The first piece in this concert was entitled In the Crypt by the Welsh composer Bethan Morgan-Williams. Both the electronic and live sounds were darkly unsettling, matching the supposed atmosphere of the title. The melodic part for horn was echoed and intensified by the electronics. Think of how Britten’s piano parts for some of his songs add to the emotional charge of the music. Well done Pete Stollery, dare I say this was one of your best compositional forays yet! 

The piece was a graphic atmospheric exploration of the title of the piece. Later on there were piano chords which slotted in nicely with the whole spirit of the music.

Nottingham-born composer Adrian Moore’s title is more abstract. It is simply Three Pieces but they are bound together as one. The electronic sounds were very complex and in a sense mechanistic, a bit like an abstract painting in sound. There were some advanced horn techniques but later on, in the final section,  there were distant horn melodies with the electronics having more of a pure musical impact. I was reminded, as I often am with the French Horn of a poem by Alfred de Vigny that I learned at school “J’aime le son du cor, le soir, au fond des bois”.

That idea followed on into the next piece for unaccompanied horn, Laudatio by the German horn player and composer Bernard Krol (1920-2013). It was a well shaped solo piece that included echo effects. It could be thought of as an advanced étude for horn exploring its range of melodic possibilities.

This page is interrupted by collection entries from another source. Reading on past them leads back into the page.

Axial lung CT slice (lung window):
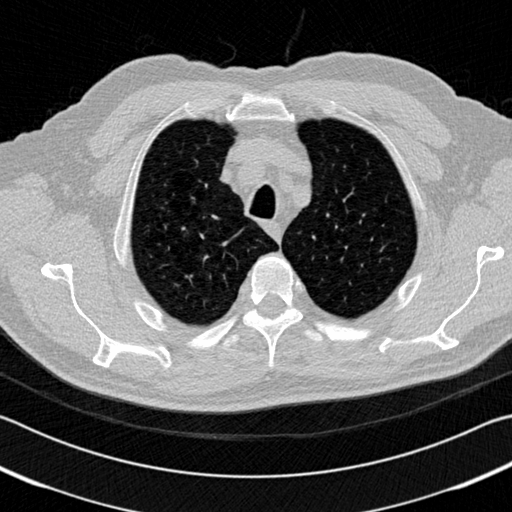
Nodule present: no
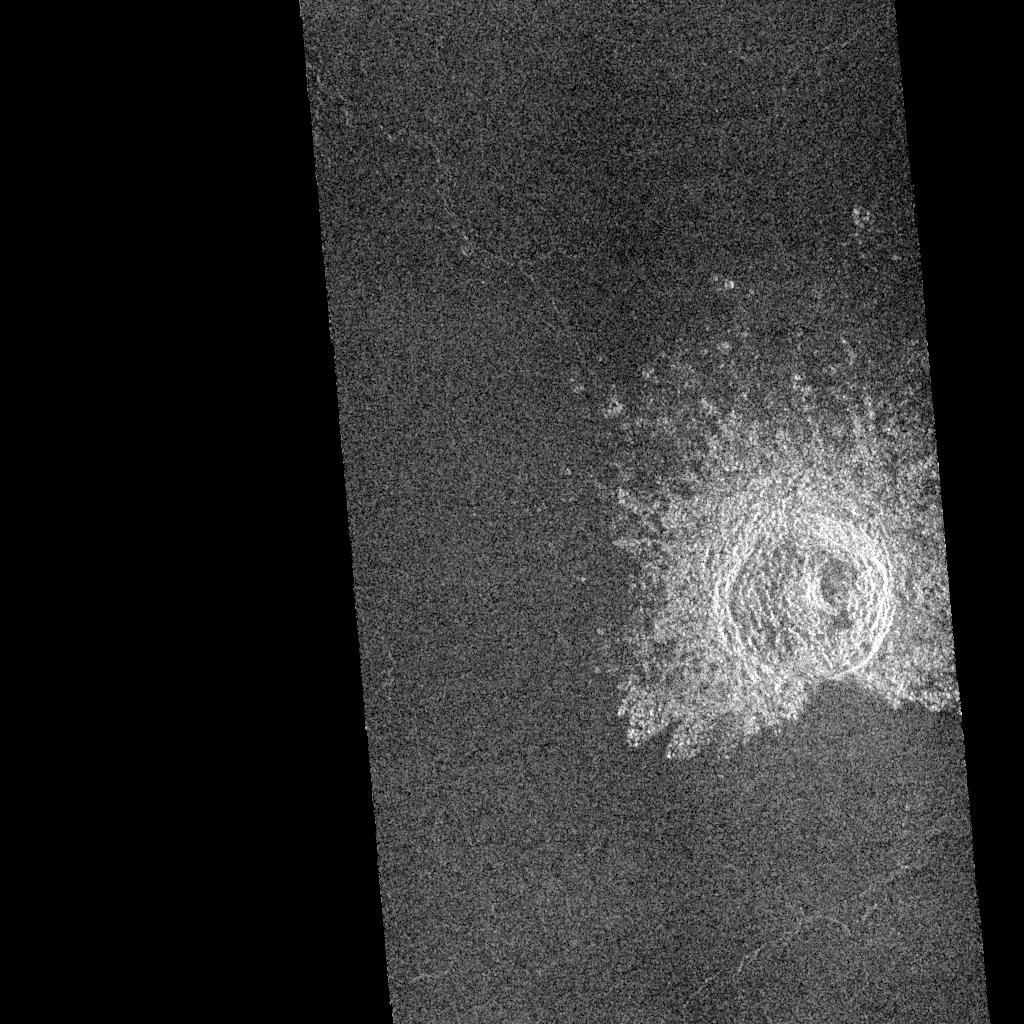
Venus - Impact Crater in Guinevere Planitia Venus, Magellan
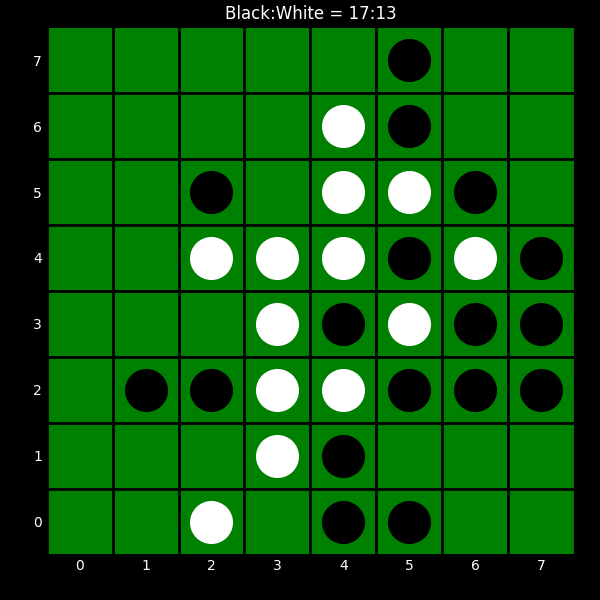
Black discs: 17
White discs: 13
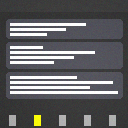
Screen state: on
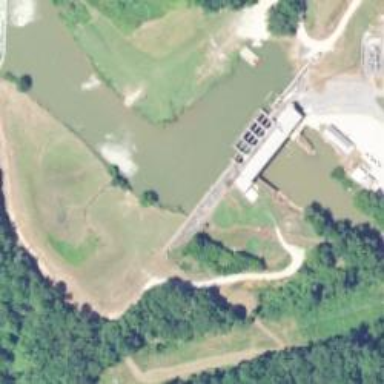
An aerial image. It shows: Dam across waterway.
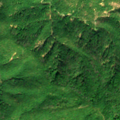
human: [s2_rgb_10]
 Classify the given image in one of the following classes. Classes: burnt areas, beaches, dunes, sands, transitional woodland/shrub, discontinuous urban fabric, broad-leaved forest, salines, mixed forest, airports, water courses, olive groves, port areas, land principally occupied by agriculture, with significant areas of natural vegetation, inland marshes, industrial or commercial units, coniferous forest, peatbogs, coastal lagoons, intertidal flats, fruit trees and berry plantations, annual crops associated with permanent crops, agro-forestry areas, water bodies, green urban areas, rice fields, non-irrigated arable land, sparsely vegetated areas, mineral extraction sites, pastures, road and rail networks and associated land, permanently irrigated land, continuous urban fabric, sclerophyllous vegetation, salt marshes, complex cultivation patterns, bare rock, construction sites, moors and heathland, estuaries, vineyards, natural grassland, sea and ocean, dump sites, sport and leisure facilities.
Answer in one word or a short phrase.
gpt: broad-leaved forest, transitional woodland/shrub
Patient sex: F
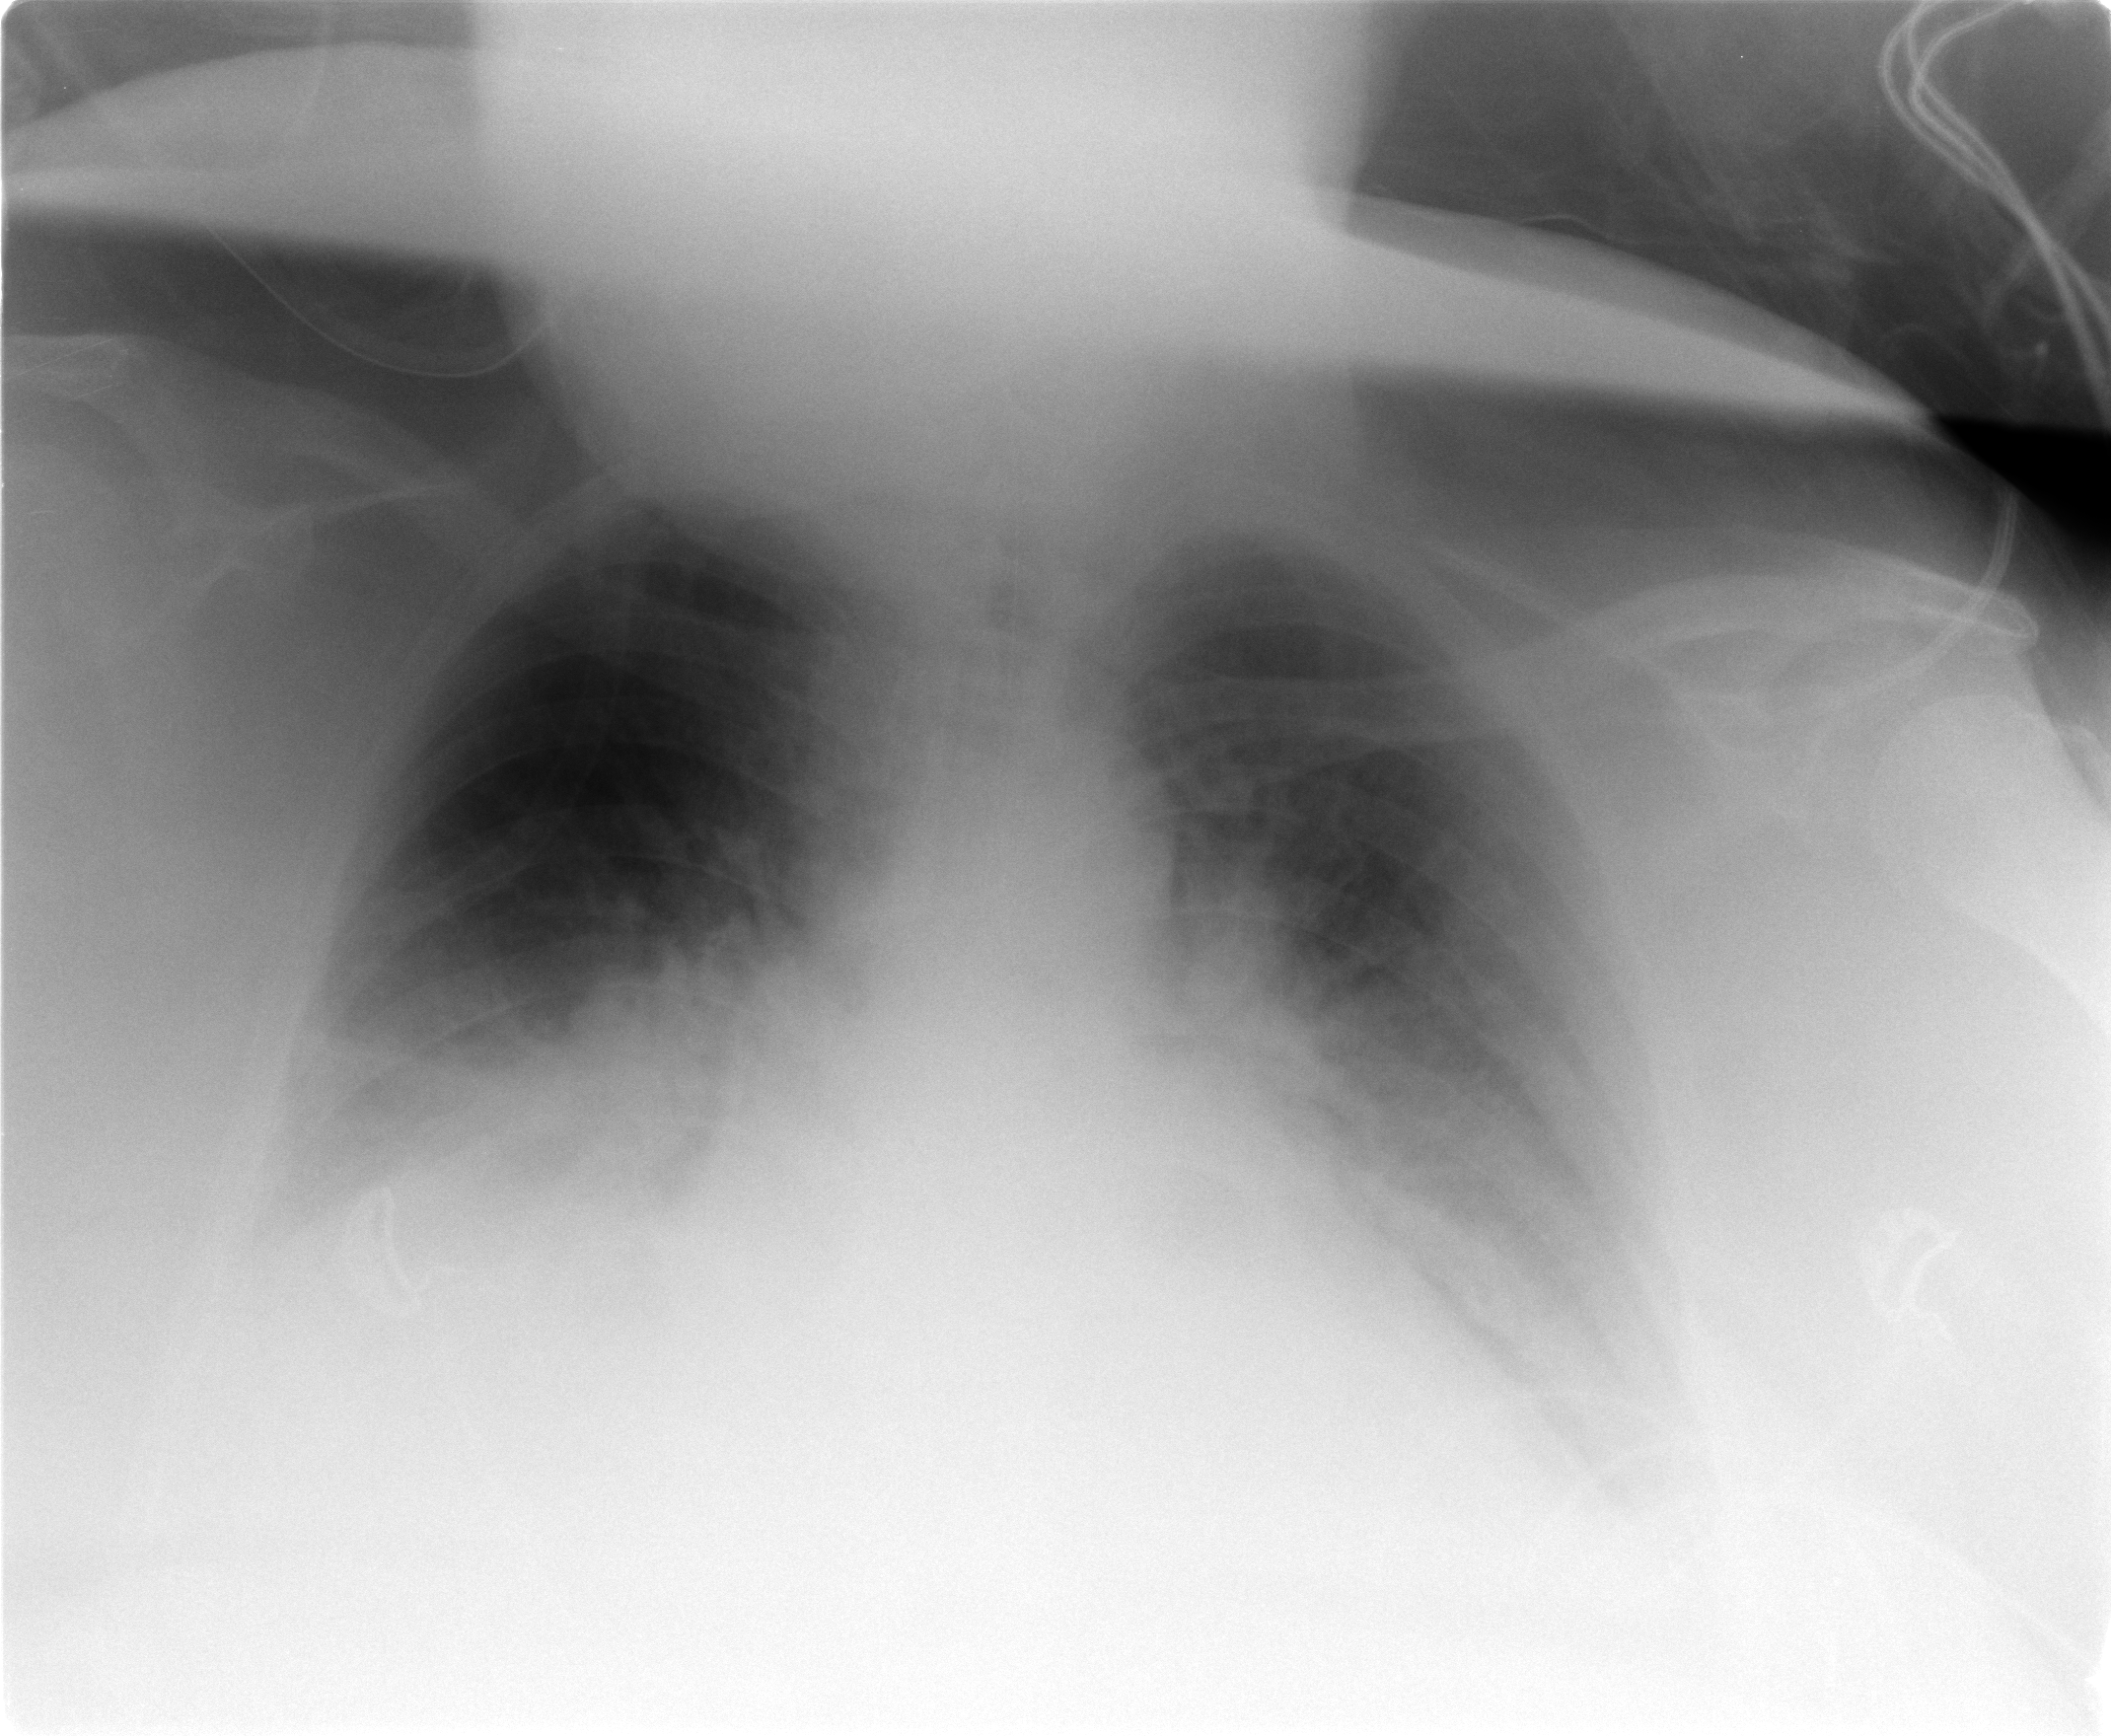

The final work in the concert was Fantasie for horns II by Hildegard Westerkamp, born in Germany but now living in Canada. The piece opened with a soft wash of electronic sound which grew and then died back suggesting at some points an almost choral texture. An attractive horn melody had a second horn pre-recorded in the background. Ben seemed to be working this with a small foot pedal device. Oh! The wonders of contemporary electronics. Some of the horn melodies had an almost balletic effect.

There were several other horn ideas in the piece, motor horn, ship’s or perhaps train horn suggesting all sorts of different surroundings. Bubbling water sounds suggested a mountain spring with the horn here being an alp-horn. Towards the end, Ben played very high soft notes on the horn against lower notes. In a sense, the piece deconstructed and then reassembled the sounds of the horn.

I conclude by reminding people that the French Horn is this year’s special instrument at the soundfestival.